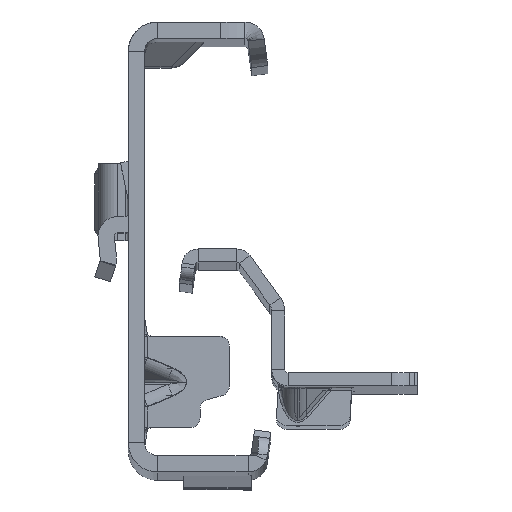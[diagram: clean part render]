
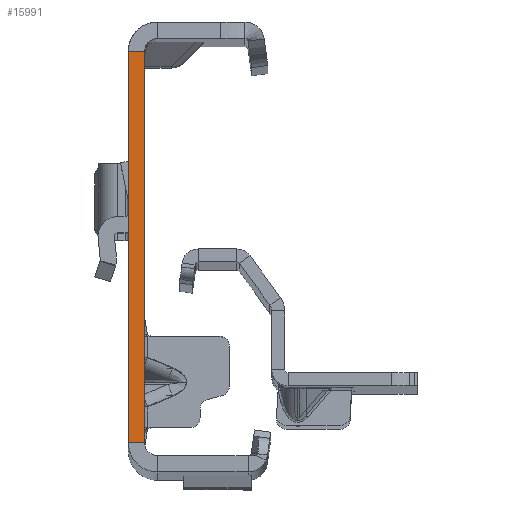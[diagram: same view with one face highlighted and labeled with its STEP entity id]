
A CAD part, top view. The second image highlights one B-rep face of the part: STEP entity #15991.
In plain terms, the highlighted planar face has unit normal (0, 0, 1).
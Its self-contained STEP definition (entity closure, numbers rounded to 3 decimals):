
#8 = DIRECTION ( 'NONE',  ( 1., 0., 0. ) ) ;
#615 = DIRECTION ( 'NONE',  ( 0., -1., 0. ) ) ;
#714 = CARTESIAN_POINT ( 'NONE',  ( 0., -32., 0. ) ) ;
#967 = LINE ( 'NONE', #17666, #13175 ) ;
#2604 = EDGE_CURVE ( 'NONE', #7831, #15308, #13581, .T. ) ;
#2728 = CARTESIAN_POINT ( 'NONE',  ( 0., 30., 0. ) ) ;
#2741 = VERTEX_POINT ( 'NONE', #4007 ) ;
#3148 = DIRECTION ( 'NONE',  ( 0., 0., 1. ) ) ;
#3331 = CARTESIAN_POINT ( 'NONE',  ( 0., 30., 0. ) ) ;
#3718 = EDGE_CURVE ( 'NONE', #2741, #7822, #6206, .T. ) ;
#4007 = CARTESIAN_POINT ( 'NONE',  ( -2.5, 30., 0. ) ) ;
#5840 = AXIS2_PLACEMENT_3D ( 'NONE', #8449, #3148, #8 ) ;
#6206 = LINE ( 'NONE', #15976, #16512 ) ;
#7261 = ORIENTED_EDGE ( 'NONE', *, *, #9992, .T. ) ;
#7415 = LINE ( 'NONE', #3331, #9576 ) ;
#7822 = VERTEX_POINT ( 'NONE', #10864 ) ;
#7831 = VERTEX_POINT ( 'NONE', #2728 ) ;
#8112 = EDGE_CURVE ( 'NONE', #15308, #7822, #967, .T. ) ;
#8449 = CARTESIAN_POINT ( 'NONE',  ( -2.5, -32., 0. ) ) ;
#9576 = VECTOR ( 'NONE', #14451, 1000. ) ;
#9992 = EDGE_CURVE ( 'NONE', #7831, #2741, #7415, .T. ) ;
#10185 = EDGE_LOOP ( 'NONE', ( #14305, #7261, #10396, #10770 ) ) ;
#10396 = ORIENTED_EDGE ( 'NONE', *, *, #3718, .T. ) ;
#10770 = ORIENTED_EDGE ( 'NONE', *, *, #8112, .F. ) ;
#10864 = CARTESIAN_POINT ( 'NONE',  ( -2.5, -30., 0. ) ) ;
#11954 = CARTESIAN_POINT ( 'NONE',  ( 0., -30., 0. ) ) ;
#12206 = DIRECTION ( 'NONE',  ( -1., 0., 0. ) ) ;
#12632 = FACE_OUTER_BOUND ( 'NONE', #10185, .T. ) ;
#13175 = VECTOR ( 'NONE', #12206, 1000. ) ;
#13581 = LINE ( 'NONE', #714, #16220 ) ;
#14305 = ORIENTED_EDGE ( 'NONE', *, *, #2604, .F. ) ;
#14451 = DIRECTION ( 'NONE',  ( -1., 0., 0. ) ) ;
#15308 = VERTEX_POINT ( 'NONE', #11954 ) ;
#15461 = PLANE ( 'NONE',  #5840 ) ;
#15976 = CARTESIAN_POINT ( 'NONE',  ( -2.5, -32., 0. ) ) ;
#15991 = ADVANCED_FACE ( 'NONE', ( #12632 ), #15461, .T. ) ;
#16079 = DIRECTION ( 'NONE',  ( 0., -1., 0. ) ) ;
#16220 = VECTOR ( 'NONE', #16079, 1000. ) ;
#16512 = VECTOR ( 'NONE', #615, 1000. ) ;
#17666 = CARTESIAN_POINT ( 'NONE',  ( 0., -30., 0. ) ) ;

- _Activity_: Reproduce the records above from their first line to the line bearing "#967 = LINE ( 'NONE', #17666, #13175 ) ;", both ends included, leaving every picture out.

- _Answer section_:
[diagram: clean part render]
[diagram: same view with one face highlighted and labeled with its STEP entity id]
A CAD part, top view. The second image highlights one B-rep face of the part: STEP entity #15991.
In plain terms, the highlighted planar face has unit normal (0, 0, 1).
Its self-contained STEP definition (entity closure, numbers rounded to 3 decimals):
#8 = DIRECTION ( 'NONE',  ( 1., 0., 0. ) ) ;
#615 = DIRECTION ( 'NONE',  ( 0., -1., 0. ) ) ;
#714 = CARTESIAN_POINT ( 'NONE',  ( 0., -32., 0. ) ) ;
#967 = LINE ( 'NONE', #17666, #13175 ) ;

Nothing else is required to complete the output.